Joffrey’s testimony was lengthy, detailed, and scrupulously accurate. It was also exquisitely damning. He could cite dates and specifics. From time to time he referred to a little notebook to give the exact words Harg had spoken. The courtroom had fallen totally silent, listening to his meticulous story. When he finished, there was something like a collective sigh as people turned to look at Harg, wondering how he could hope to refute this.
“Vice-Admiral Joffrey,” Harg started.
“Governor,” Joffrey corrected. His black eyes gleamed with the old animosity, but only Harg could see it.
“Congratulations,” Harg said.
“Thank you,” Joffrey replied.
“Tell me, who were you working for at the time you made all these observations?”

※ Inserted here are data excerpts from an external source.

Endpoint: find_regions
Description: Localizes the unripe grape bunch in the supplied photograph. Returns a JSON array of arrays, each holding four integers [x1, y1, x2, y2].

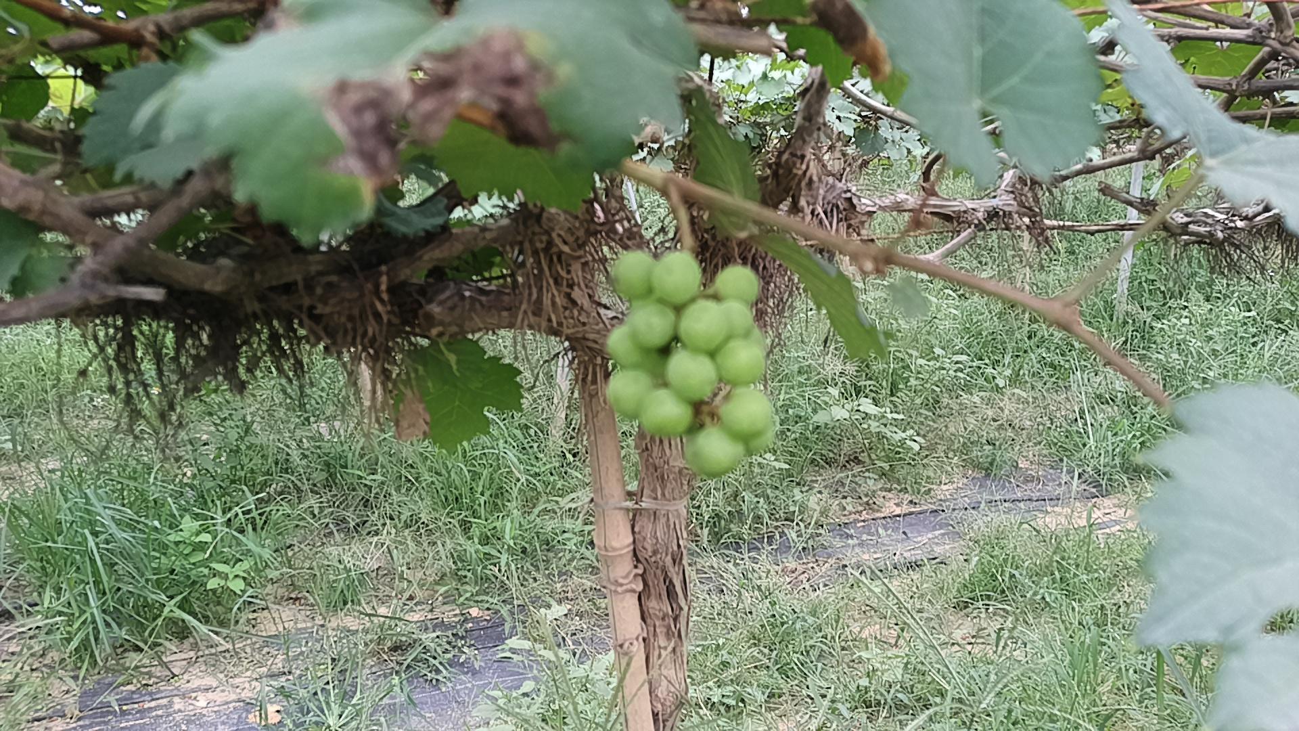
[[606, 250, 774, 477]]
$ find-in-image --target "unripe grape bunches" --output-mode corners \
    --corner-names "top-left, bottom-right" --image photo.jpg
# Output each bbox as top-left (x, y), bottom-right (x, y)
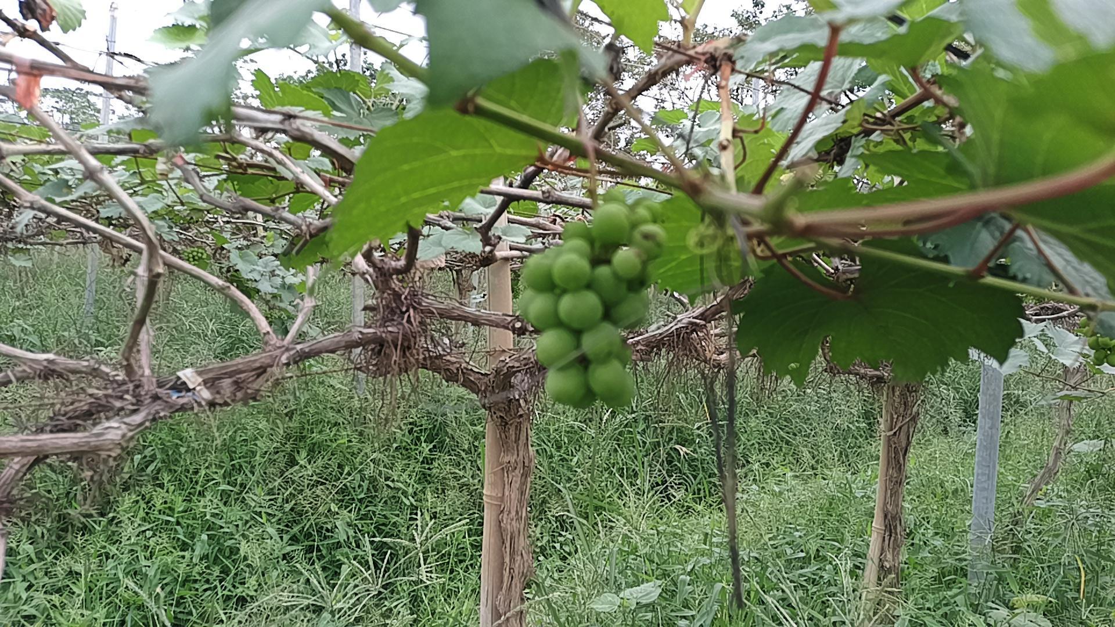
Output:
top-left (520, 191), bottom-right (666, 408)
top-left (178, 246), bottom-right (212, 265)

With a slight hesitation, Joffrey said, “For Admiral Talley.”
I knew it
, Harg thought. “Was Governor Tiarch aware of that fact?”

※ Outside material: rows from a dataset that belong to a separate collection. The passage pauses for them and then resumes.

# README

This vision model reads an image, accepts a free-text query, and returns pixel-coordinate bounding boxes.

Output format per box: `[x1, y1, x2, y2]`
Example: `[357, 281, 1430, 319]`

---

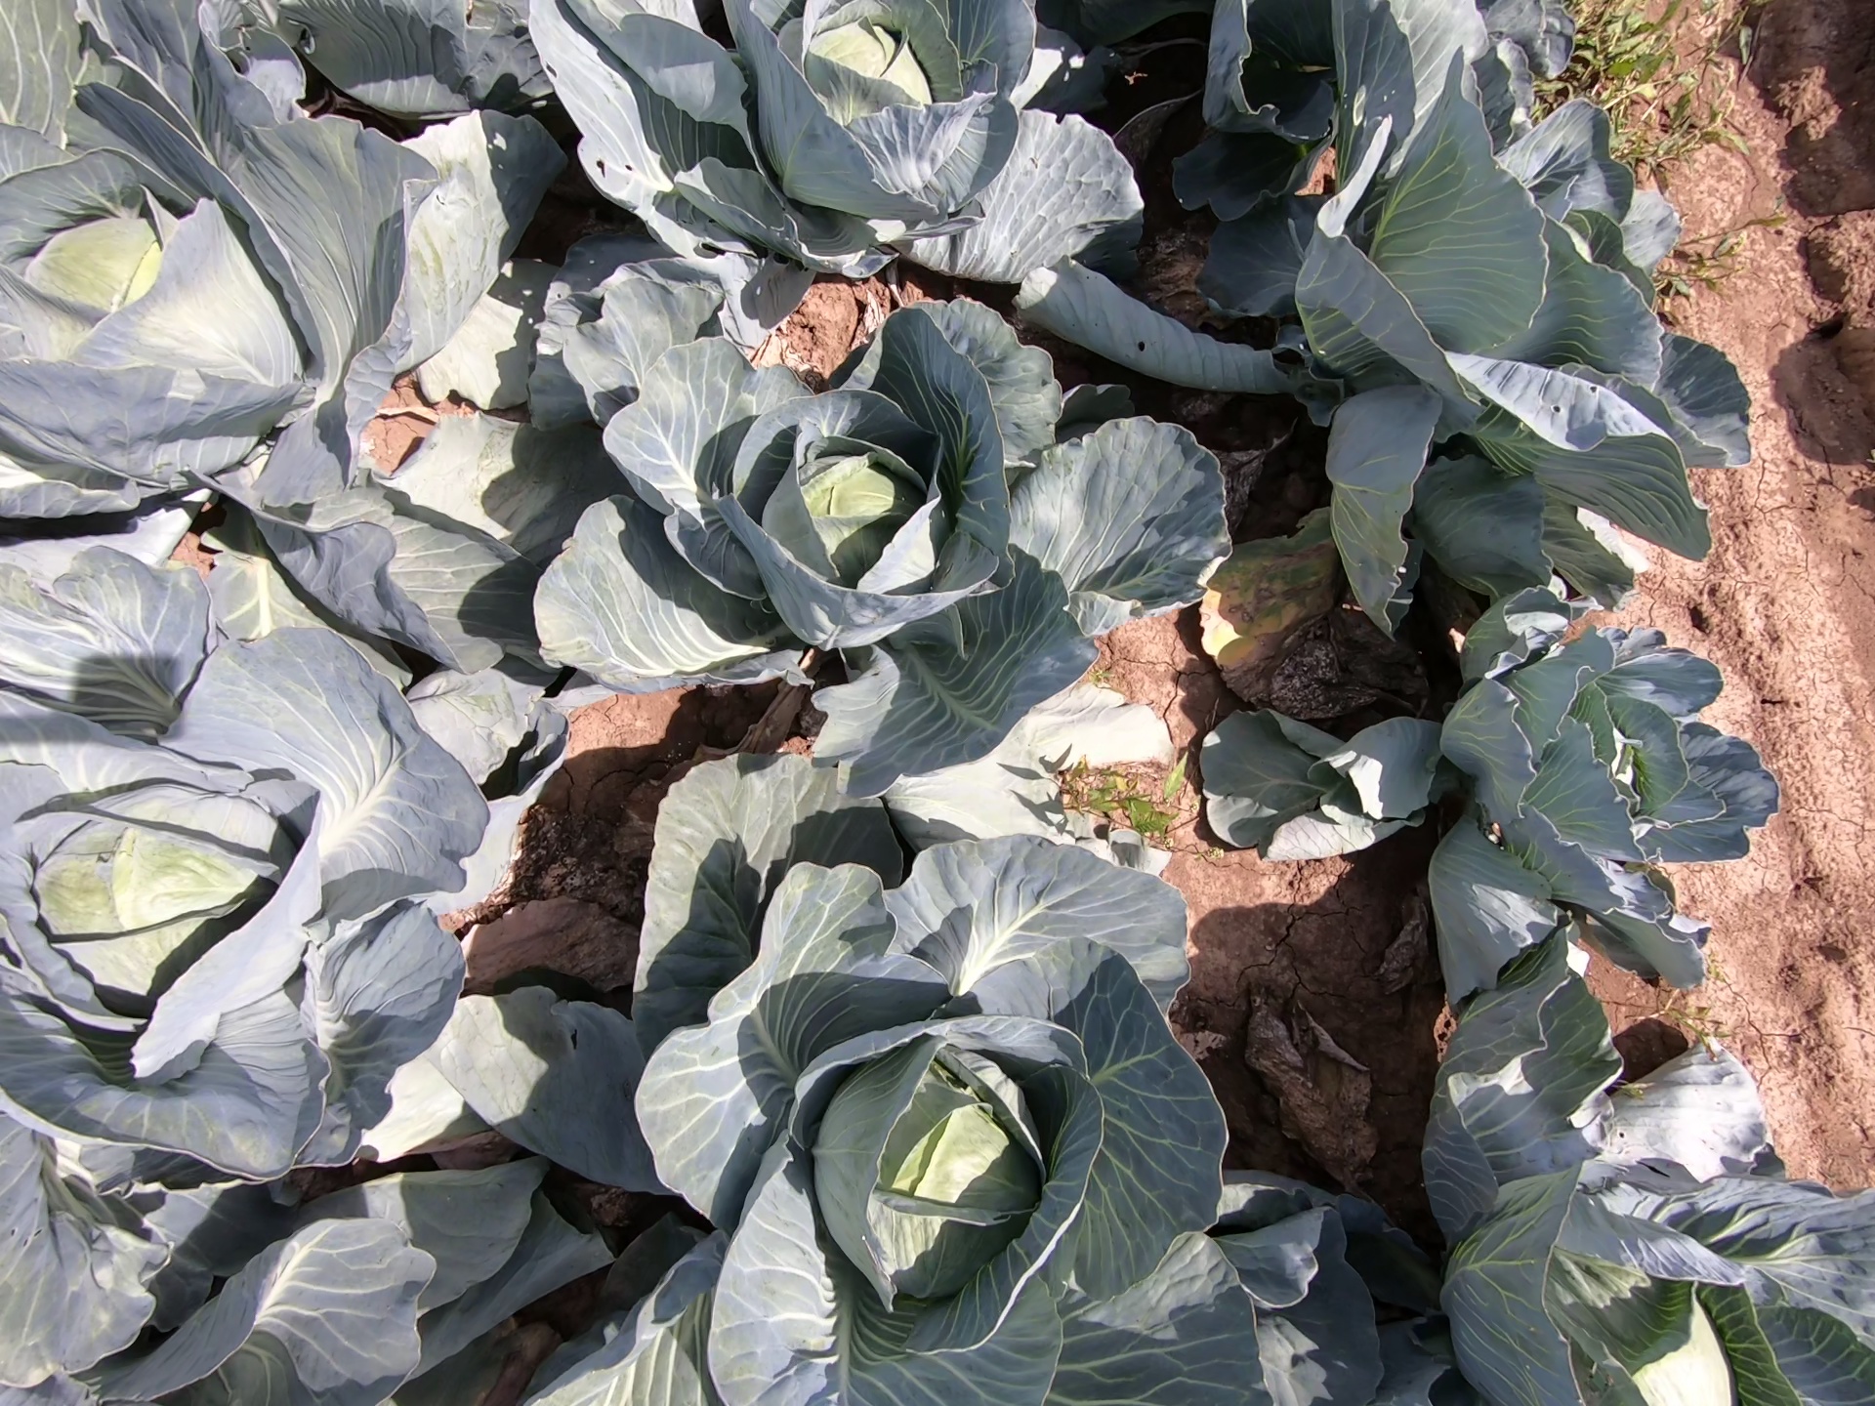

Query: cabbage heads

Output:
[817, 1050, 1035, 1298]
[776, 14, 932, 179]
[1477, 1212, 1740, 1401]
[16, 787, 308, 1022]
[767, 447, 935, 610]
[1420, 210, 1595, 371]
[14, 218, 292, 447]
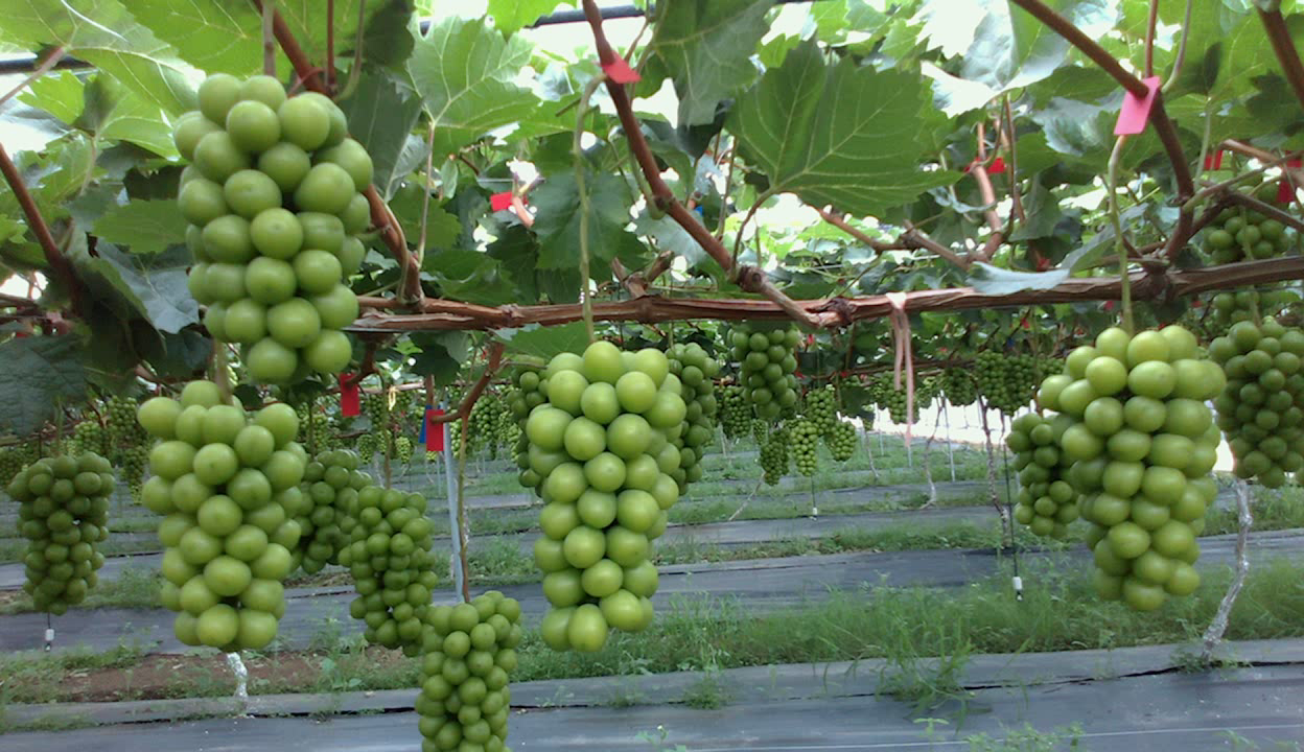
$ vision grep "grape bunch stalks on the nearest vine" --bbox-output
[1108,135,1134,338]
[575,72,608,344]
[262,0,276,74]
[215,344,232,405]
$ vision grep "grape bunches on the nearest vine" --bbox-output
[1039,325,1226,610]
[173,72,373,385]
[137,379,307,651]
[526,340,688,654]

“I cannot speculate as to what Governor Tiarch was aware of,” Joffrey said.
He was a slippery one, more intelligent than all of the Innings and their pedigrees combined. “What was the nature of your work for Admiral Talley?”
“I provided him with information.”
“Is that the same as spying?”
Talley interrupted, “Stop badgering the witness and get to the point.”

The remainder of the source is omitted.